Die Reisebuchhandlung Schropp in Berlin Schöneberg muss umziehen

Regine Kiepert

Die schlechten Nachrichten reißen wohl nicht ab: Die Reisebuchhandlung Schropp muss ihren Laden in der Potsdamer Straße Ende Oktober räumen, meldet heute der Berliner „Tagesspiegel“.

Nach Starick in Mitte [mehr…] muss damit eine weitere Traditionsbuchhandlung der Stadt ihre Räume verlassen.

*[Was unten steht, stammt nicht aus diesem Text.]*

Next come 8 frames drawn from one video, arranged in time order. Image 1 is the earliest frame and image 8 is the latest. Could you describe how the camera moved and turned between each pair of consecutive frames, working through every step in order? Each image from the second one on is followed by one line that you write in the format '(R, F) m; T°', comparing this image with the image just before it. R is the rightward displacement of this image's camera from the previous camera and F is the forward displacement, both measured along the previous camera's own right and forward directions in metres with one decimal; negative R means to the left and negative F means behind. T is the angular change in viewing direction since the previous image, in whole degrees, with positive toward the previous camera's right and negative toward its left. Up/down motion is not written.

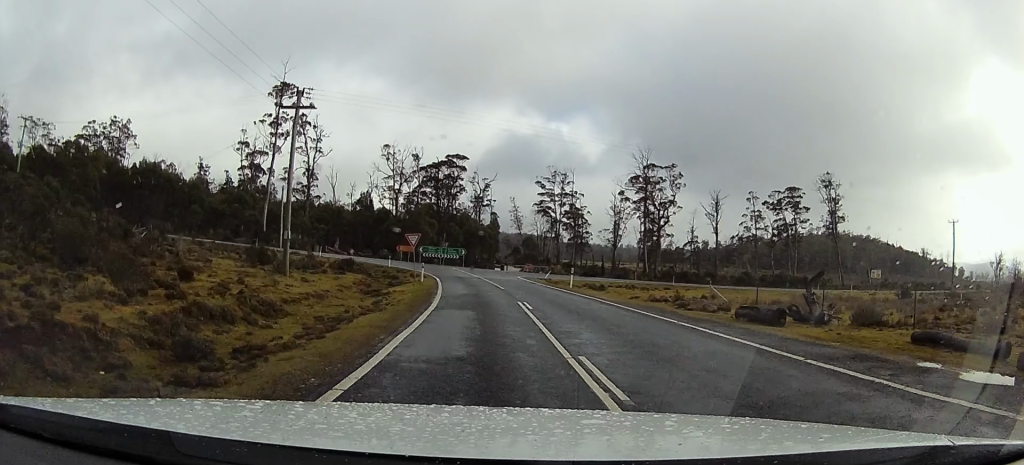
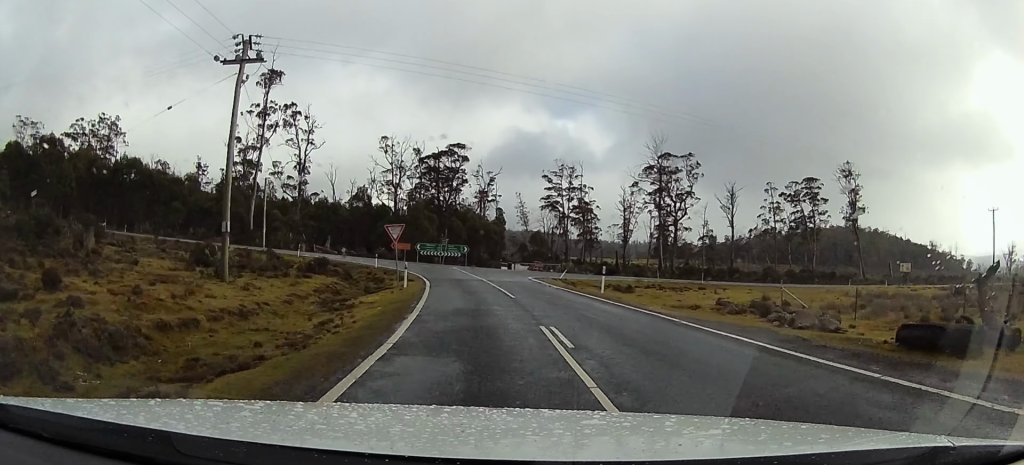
(0.0, +8.1) m; -1°
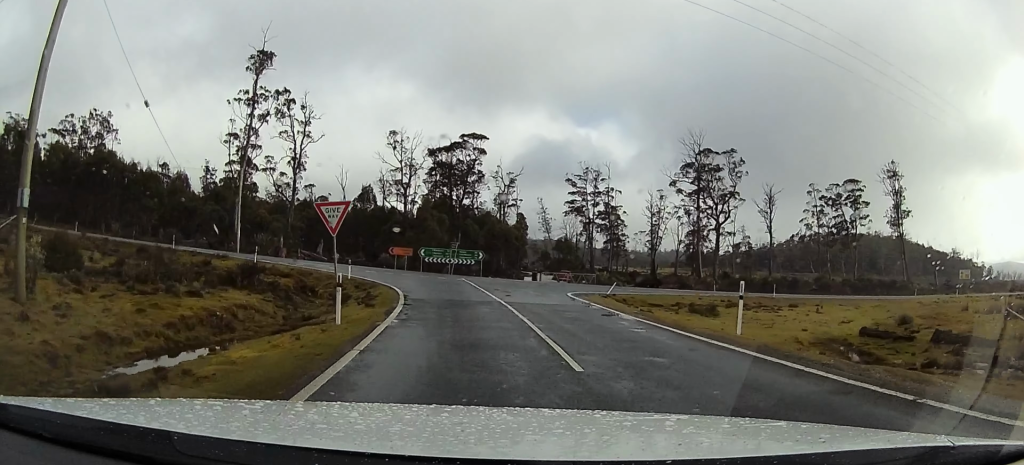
(-0.1, +13.5) m; -2°
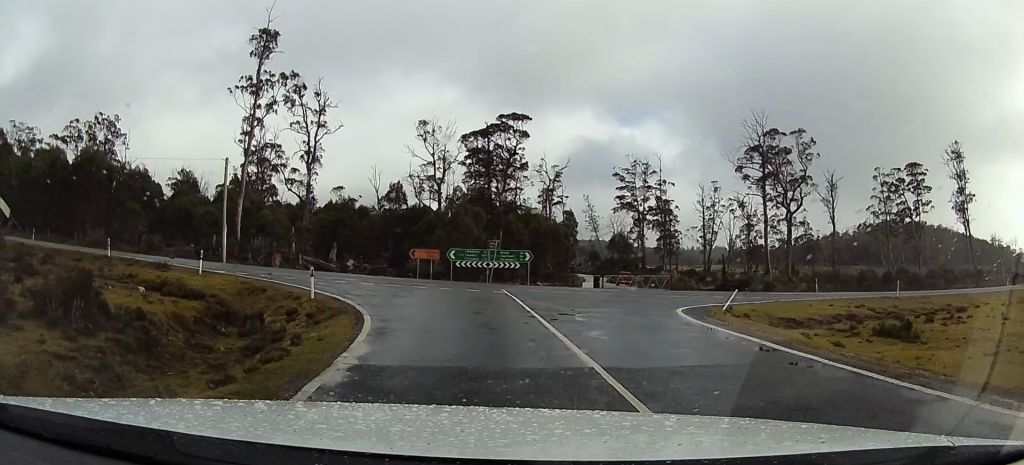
(-0.3, +13.7) m; -3°
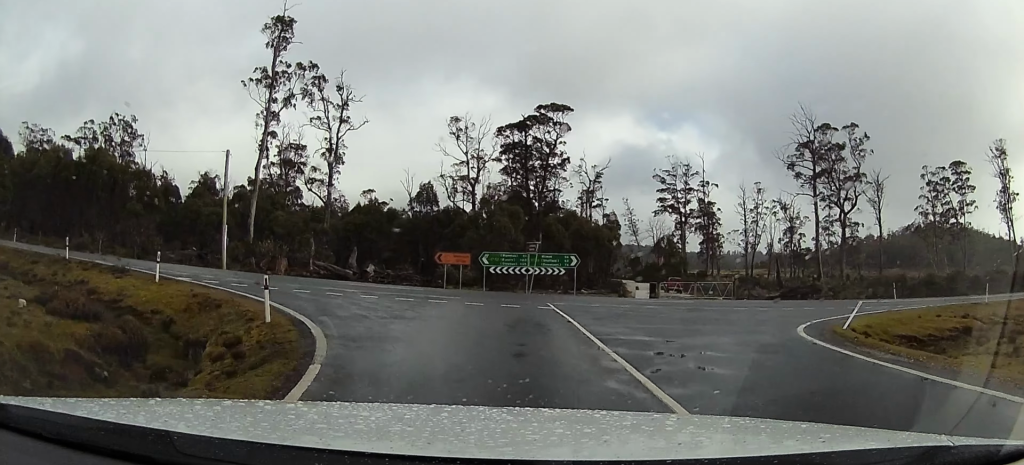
(-0.1, +7.4) m; -5°
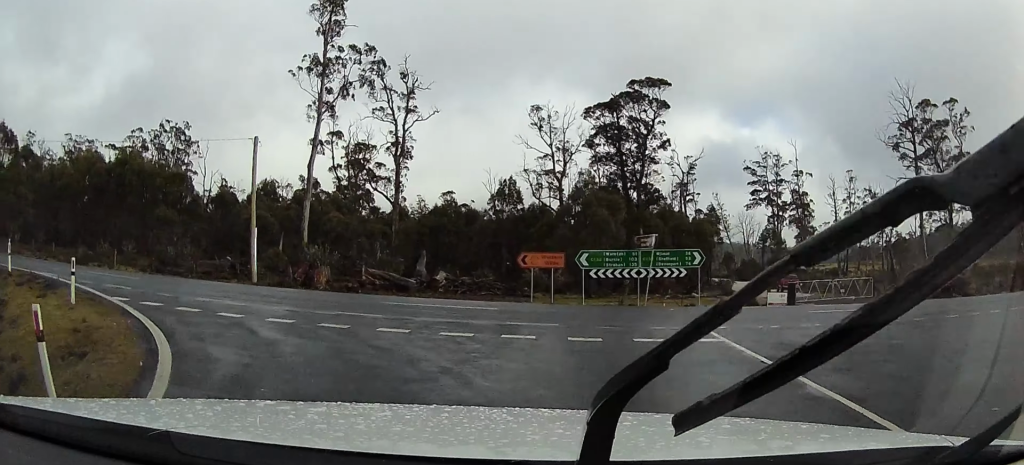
(-1.1, +8.6) m; -12°
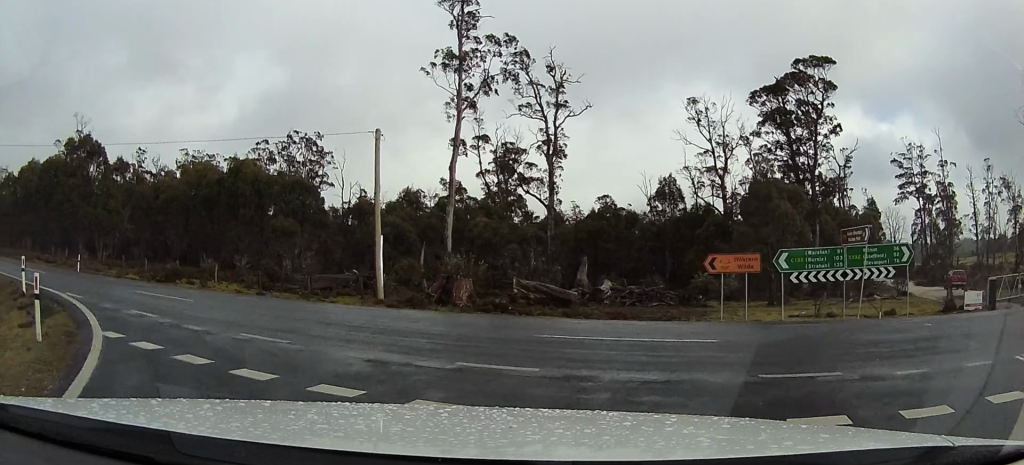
(-0.3, +5.8) m; -15°
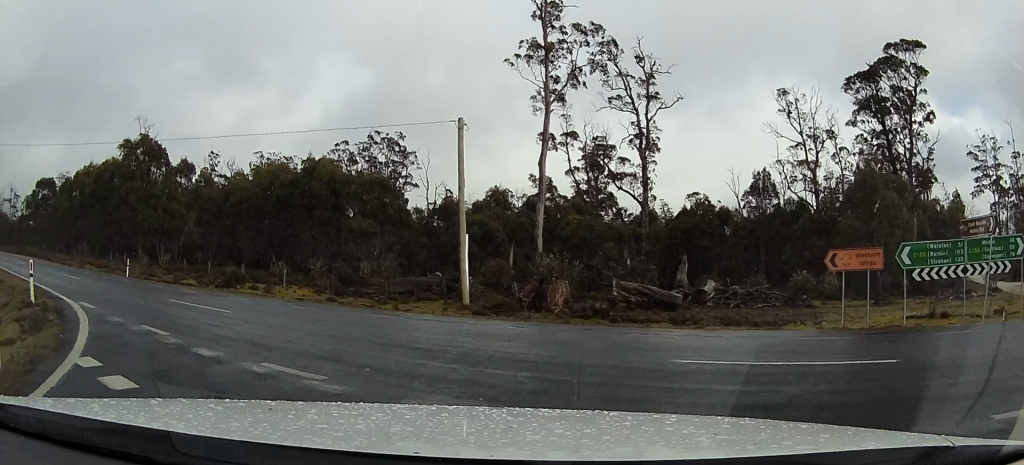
(-0.7, +2.9) m; -22°

Bei Schropp läuft der Mietvertrag aus. Das Haus ist zwangsversteigert worden. Nun sei ein Hotel geplant, so Regine Kiepert, die auf der Suche nach einem neuen Standort ist. „Ein zentral gelegenes und bezahlbares Domizil fand sich bislang nicht, eine erhoffte Alternative in der Uhlandstraße geht für fast den doppelten Preis an eine Spielhölle“, heißt es im Tagesspiegel.

Dennoch, auch nach der Besichtigung Dutzender ungeeigneter Objekte steht für Regine Kiepert fest, dass es weitergeht. Der Umzug sei an einem Wochenende zu schaffen, werde aber rund 100 000 Euro kosten, was Kredite nötig mache. „Wir müssen also hinterher mehr erwirtschaften, um den Kredit zurückzuzahlen“, sagte sie dem „Tagesspiegel“.